Research Project AutoDevSafeOps
Research Project AutoDevSafeOps
Mobility is being reshaped through the automation and networking of vehicles, bringing new services through digitalization. But this also raises new challenges. The quantity of data being generated and analyzed within the vehicle is snowballing, demanding the deployment of high-performance computing (HPC). As a result, new approaches are needed for the microelectronic systems used to create HPC platforms, along with suitable computing and software architectures. And, unlike traditional HPC applications, the automotive environment demands the highest reliability and security coupled with real-time capability.
Autonomous driving (AD) features continue to be developed and deployed. Many of these will improve upon the implementations deployed in vehicles already on the road. As a result, software in the field will need to be replaced with newer versions that deliver improved capability using existing hardware and sensor technology. The requirements related to such improvements will not be known at the time of an automotive platform’s definition and definitely cannot be planned for in any meaningful way. Thus, there is a need to improve the control, resilience, and reliability of automotive systems so that even critical functions can be upgraded, replaced, or even merged over the vehicle’s lifetime. All these aspects require that new methods and tools be developed to support this new approach to software development.
The AutoDevSafeOps project brings together industry and academia to determine the status quo and clarify the automotive industry’s needs as this approach to automotive development progresses.
The project is part of the MANNHEIM initiative of the BMBF (https://www.elektronikforschung.de/foerderung/bekanntmachungen/mannheim). It constitutes a range of research projects tackling issues covering the orchestration of on-board and off-board functionalities and how best to combine innovative microelectronics that are robust, energy-efficient, and, to the extent necessary, AI-capable.
The joint research projects are intended to create the conditions for significantly strengthening the innovation potential of the German automotive industry in the field of digitalization and, in particular, autonomous driving and for expanding technological sovereignty in international competition. Future E/E architectures will be examined along with intelligent sensors and actuators, computing cores, and other aspects in the context of hardware-software co-design. The goal is to determine how best to implement technology capable of handling large amounts of data while offering the highest functional security, availability, and reliability for cross-domain and service-oriented architectures.
A key aspect for INCHRON is the analysis of methods and tools for software development in what is rapidly becoming a “system of systems.” New methods require exploration that can coordinate complex meta-systems of heterogenous software components at system runtime. This will demand improved coordination of integration of sub-systems and software components, along with an integrative value chain for hardware and software for next-generation vehicle architectures. Topics for research range from design, validation, maintenance, and use to variant and version management. Other aspects will need to review challenges such as complexity and compatibility management, re-engineering, sustainable software engineering, agility (DevOps), and quality management for fast update and upgrade cycles. One especially challenging task is determining how to handle software modules deployed in heterogenous systems that mix deterministic and non-deterministic systems with traditional rule-based and machine-learning components.

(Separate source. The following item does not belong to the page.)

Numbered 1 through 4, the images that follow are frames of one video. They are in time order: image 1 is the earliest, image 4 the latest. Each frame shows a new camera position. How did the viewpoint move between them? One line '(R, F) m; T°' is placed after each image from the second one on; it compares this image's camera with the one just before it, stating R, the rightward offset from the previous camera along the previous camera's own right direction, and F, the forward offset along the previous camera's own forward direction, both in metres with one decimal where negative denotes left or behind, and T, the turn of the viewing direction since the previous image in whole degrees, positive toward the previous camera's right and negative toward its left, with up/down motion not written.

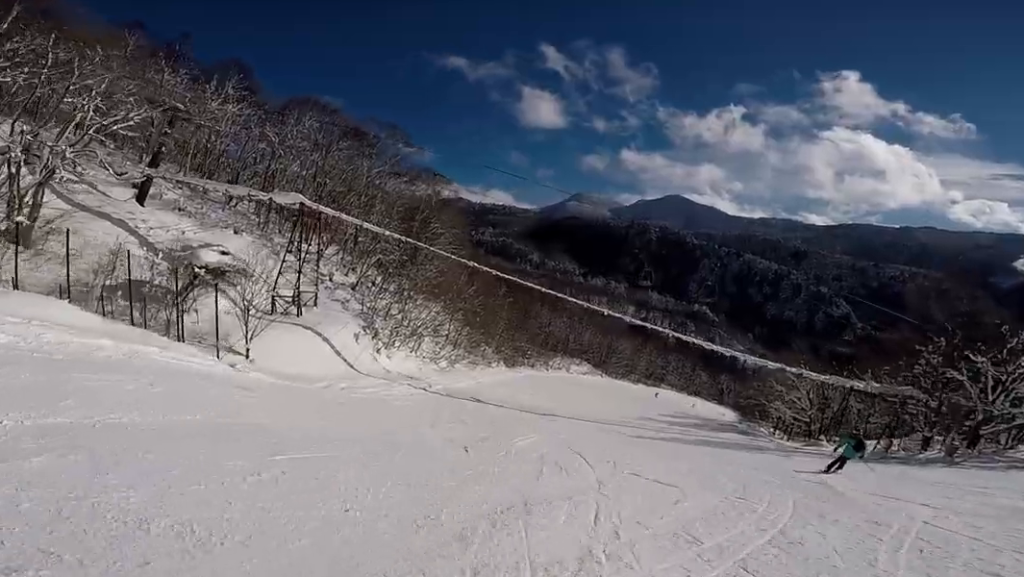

Timing will, of course, be a core focus for INCHRON. Correct timing must be ensured throughout, both at development time when used in development mode and later after deployment in the field, in operational mode. Therefore, INCHRON will focus on both our simulator chronSIM and chronVIEW for trace data analysis. Both tools provide comprehensive support for the required continuous development process, enriched by the extensions and new evaluations developed in the context of the AutoDevSafeOps project.
We thank the BMBF for the funding for the next 3 years, which enables us to collaborate with many renowned and notable partners from science and industry.